→ **RECORDS FOR THE EXERCISE**:
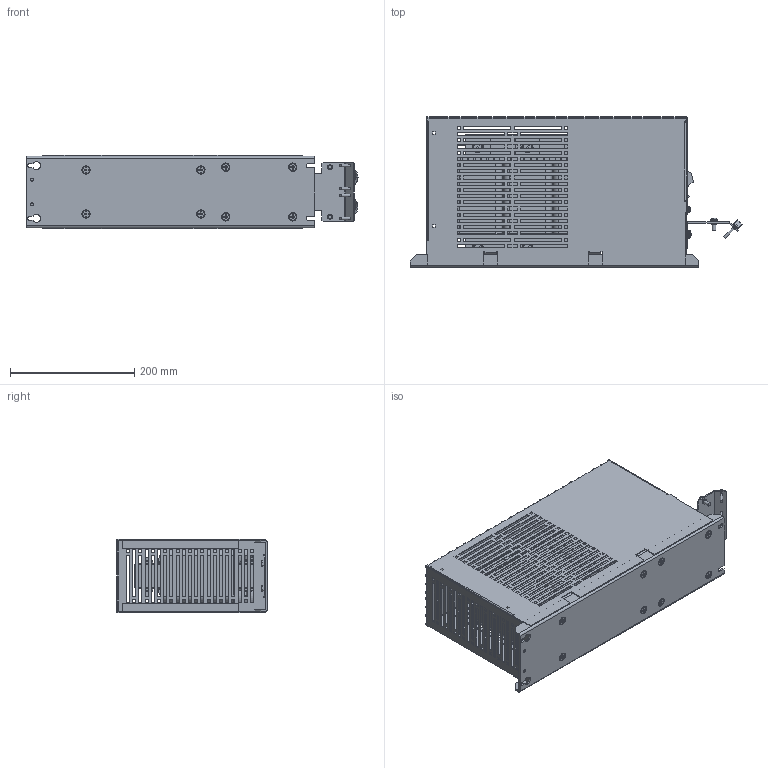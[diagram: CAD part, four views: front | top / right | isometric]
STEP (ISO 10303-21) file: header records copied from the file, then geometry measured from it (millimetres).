
FILE_DESCRIPTION (( 'STEP AP214' ), '1' );
FILE_NAME ('130B3196.STEP', '2015-02-12T11:46:33', ( 'EDV' ), ( 'Microsoft' ), 'SwSTEP 2.0', 'SolidWorks 2014', '' );
FILE_SCHEMA (( 'AUTOMOTIVE_DESIGN' ));
Length unit declared in the file: millimetre
Products named in the file (29): D57a; Kern B 1002049; hex nut gradec_din_Hexagon Nut ISO 4034 - M6 - N; serrated lock washer 1_din_DIN 6798-A6.4; 130B3196; pan head cross recess screw_din_ISO 7045 - M6 x 16 - Z --- 16N; M8x60-DIN84; +927643-0001; +1126-0009; +3810-0082; hex nut style 2 gradeab_din_Hexagon Nut ISO 4033 - M5 - D - N; WDU 16N beige +2210-0079; pan head cross recess screw_din_ISO 7045 - M5 x 10 - Z --- 10N; #020-1863; curved spring lock washer_din_Spring washer DIN 128 - A5; #050-0935; plain washer grade a_din_Washer DIN 125 - A 5.3; #050-0971; #060-0433; pan head cross collar screw_din_DIN 967 - M4 x 25 - Z --- 23.6N; #040-1305_Gewindet》e M6 und M8; countersunk flat head cross recess screw_din_ISO 7046-1 - M6 x 12 - Z --- 12N; #040-1304_Gewindet》e M6; plain washer grade a_din_Washer DIN 125 - A 6.4; TS35x72; WickelUI120_41_1oD; hex nut gradec_din_Hexagon Nut ISO 4034 - M8 - N; UI120-41oD; plain washer grade a_din_Washer DIN 125 - A 8.4
Assembly tree (92 placements, depth 2):
  130B3196
    Kern B 1002049
    D57a  x6
    UI120-41oD  x3
    WickelUI120_41_1oD  x3
    TS35x72
    #040-1304_Gewindet》e M6
    #040-1305_Gewindet》e M6 und M8
    #060-0433
    #050-0971
    #050-0935
    #020-1863
    WDU 16N beige +2210-0079  x6
    +3810-0082  x3
    +1126-0009  x9
    +927643-0001  x2
    M8x60-DIN84  x6
    pan head cross recess screw_din_ISO 7045 - M6 x 16 - Z --- 16N  x4
    serrated lock washer 1_din_DIN 6798-A6.4  x3
    hex nut gradec_din_Hexagon Nut ISO 4034 - M6 - N  x3
    plain washer grade a_din_Washer DIN 125 - A 8.4  x9
    hex nut gradec_din_Hexagon Nut ISO 4034 - M8 - N  x3
    plain washer grade a_din_Washer DIN 125 - A 6.4  x4
    countersunk flat head cross recess screw_din_ISO 7046-1 - M6 x 12 - Z --- 12N  x8
    pan head cross collar screw_din_DIN 967 - M4 x 25 - Z --- 23.6N  x4
    plain washer grade a_din_Washer DIN 125 - A 5.3  x2
    curved spring lock washer_din_Spring washer DIN 128 - A5  x2
    pan head cross recess screw_din_ISO 7045 - M5 x 10 - Z --- 10N  x2
    hex nut style 2 gradeab_din_Hexagon Nut ISO 4033 - M5 - D - N  x2
Bounding box: 535.15 x 242.5 x 118 mm (x, y, z)
Volume: 4191398 mm3; surface area: 1564998.9 mm2
Topology: 94 solids, 94 shells, 5361 faces, 13746 edges, 8477 vertices
Faces by surface type: plane 3496, cylinder 1166, torus 322, cone 215, bspline 152, sphere 10
Full cylindrical faces by diameter (mm): 3 x24, 3.7 x4, 4 x4, 4.2 x2, 4.5 x4, 4.6 x8, 5 x15, 5.3 x2, 5.5 x16, 5.7 x12, 6 x18, 6.4 x7, 6.8 x6, 6.95 x4, 7 x4, 7.15 x4, 7.5 x4, 8 x19, 8.2 x9, 8.4 x9, 8.5 x11, 9.5 x2, 9.8 x9, 10 x6, 10.5 x3, 11 x12, 11.3 x8, 11.5 x6, 12 x8, 13 x6
Entity records: 103620 total; most frequent: CARTESIAN_POINT 20741, ORIENTED_EDGE 16868, DIRECTION 16164, EDGE_CURVE 8434, VECTOR 6762, LINE 6762, VERTEX_POINT 5326, AXIS2_PLACEMENT_3D 4701

→ **REQUIRED ACTION**: Given the records above, restate word for word only the lines starting at the one with "FILE_NAME ('130B3196.STEP', '2015-02-12T11:46:33', ( 'EDV'" and ending at the one with "Length unit declared in the file: millimetre".

→ **EXPECTED OUTPUT**:
FILE_NAME ('130B3196.STEP', '2015-02-12T11:46:33', ( 'EDV' ), ( 'Microsoft' ), 'SwSTEP 2.0', 'SolidWorks 2014', '' );
FILE_SCHEMA (( 'AUTOMOTIVE_DESIGN' ));
Length unit declared in the file: millimetre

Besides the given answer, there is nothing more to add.